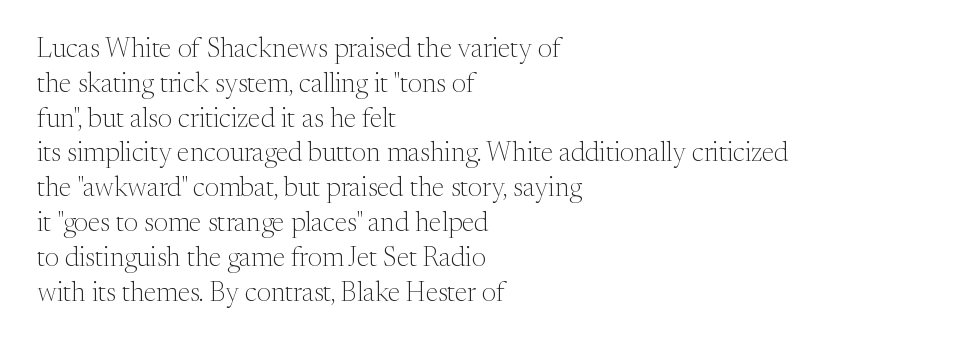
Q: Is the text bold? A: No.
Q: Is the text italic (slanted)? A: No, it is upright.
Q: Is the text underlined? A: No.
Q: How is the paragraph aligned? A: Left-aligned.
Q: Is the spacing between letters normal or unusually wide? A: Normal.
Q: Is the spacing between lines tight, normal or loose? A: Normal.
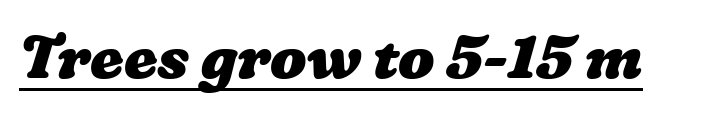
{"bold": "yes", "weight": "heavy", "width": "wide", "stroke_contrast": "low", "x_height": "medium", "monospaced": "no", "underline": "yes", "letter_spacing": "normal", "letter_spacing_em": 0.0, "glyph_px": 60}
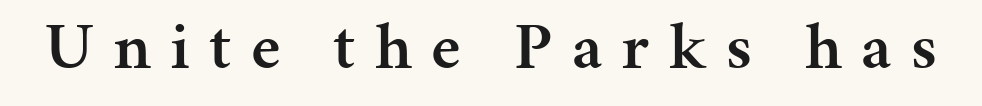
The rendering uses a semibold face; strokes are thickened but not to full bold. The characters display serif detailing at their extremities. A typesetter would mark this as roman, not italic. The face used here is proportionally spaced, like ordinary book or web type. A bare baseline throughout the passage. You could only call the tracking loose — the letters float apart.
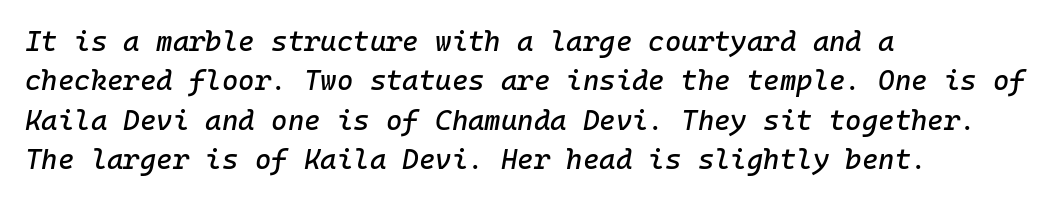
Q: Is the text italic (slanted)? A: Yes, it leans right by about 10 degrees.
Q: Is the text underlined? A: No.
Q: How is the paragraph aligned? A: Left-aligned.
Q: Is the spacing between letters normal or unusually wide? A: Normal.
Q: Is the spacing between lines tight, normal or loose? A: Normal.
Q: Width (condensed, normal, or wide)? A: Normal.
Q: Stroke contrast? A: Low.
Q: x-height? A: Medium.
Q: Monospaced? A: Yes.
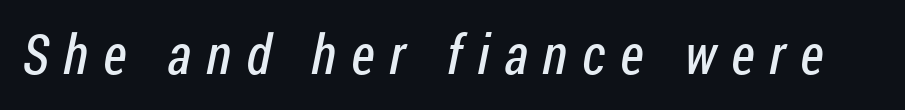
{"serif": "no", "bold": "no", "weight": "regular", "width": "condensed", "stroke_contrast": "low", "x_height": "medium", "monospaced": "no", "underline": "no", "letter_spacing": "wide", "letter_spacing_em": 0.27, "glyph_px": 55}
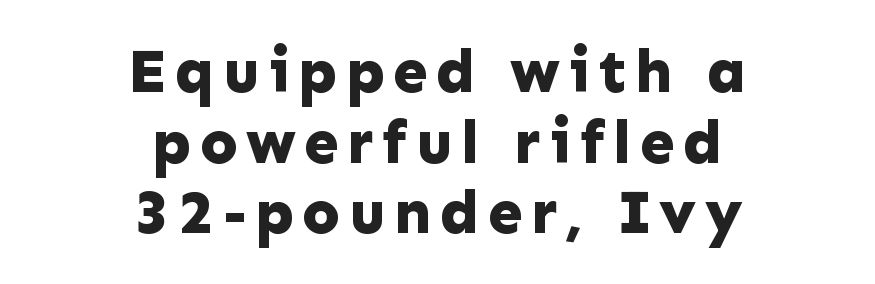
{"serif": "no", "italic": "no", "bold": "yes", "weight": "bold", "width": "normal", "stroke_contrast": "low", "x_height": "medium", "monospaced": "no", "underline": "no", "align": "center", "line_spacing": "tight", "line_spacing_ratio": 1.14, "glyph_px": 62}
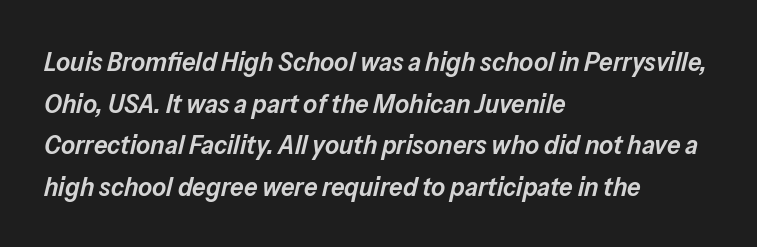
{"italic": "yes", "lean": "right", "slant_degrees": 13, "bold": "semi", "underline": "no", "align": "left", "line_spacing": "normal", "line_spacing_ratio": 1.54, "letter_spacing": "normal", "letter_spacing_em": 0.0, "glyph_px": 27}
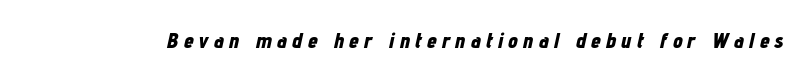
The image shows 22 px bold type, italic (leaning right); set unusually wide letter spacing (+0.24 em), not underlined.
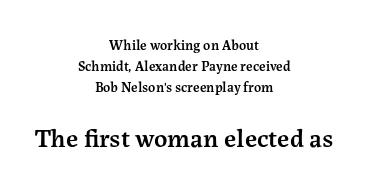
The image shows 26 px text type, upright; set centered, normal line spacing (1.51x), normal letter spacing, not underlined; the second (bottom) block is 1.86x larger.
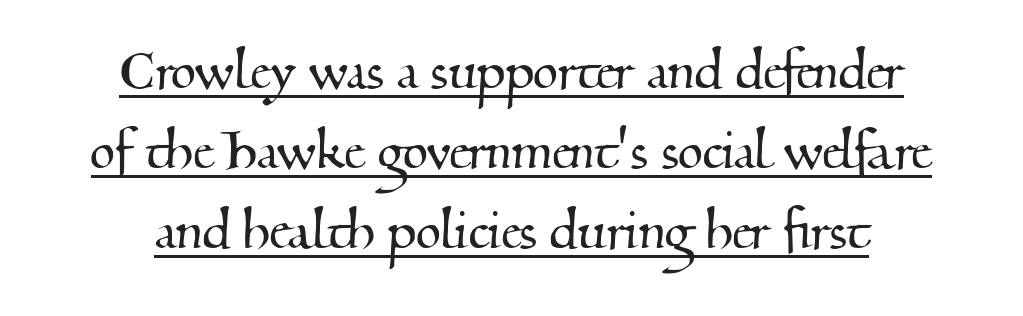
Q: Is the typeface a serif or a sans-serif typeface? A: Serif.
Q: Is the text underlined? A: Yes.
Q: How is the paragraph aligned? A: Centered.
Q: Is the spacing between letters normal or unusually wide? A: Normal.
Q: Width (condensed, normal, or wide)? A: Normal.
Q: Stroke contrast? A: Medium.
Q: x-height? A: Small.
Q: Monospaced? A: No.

• _Problem to solve_
When you reach the line containing "Q: How is the paragraph aligned? A: Centered." in the listing, transcribe it and every line after it exactly, through the last line, and add nothing.

• _Exercise solution_
Q: How is the paragraph aligned? A: Centered.
Q: Is the spacing between letters normal or unusually wide? A: Normal.
Q: Width (condensed, normal, or wide)? A: Normal.
Q: Stroke contrast? A: Medium.
Q: x-height? A: Small.
Q: Monospaced? A: No.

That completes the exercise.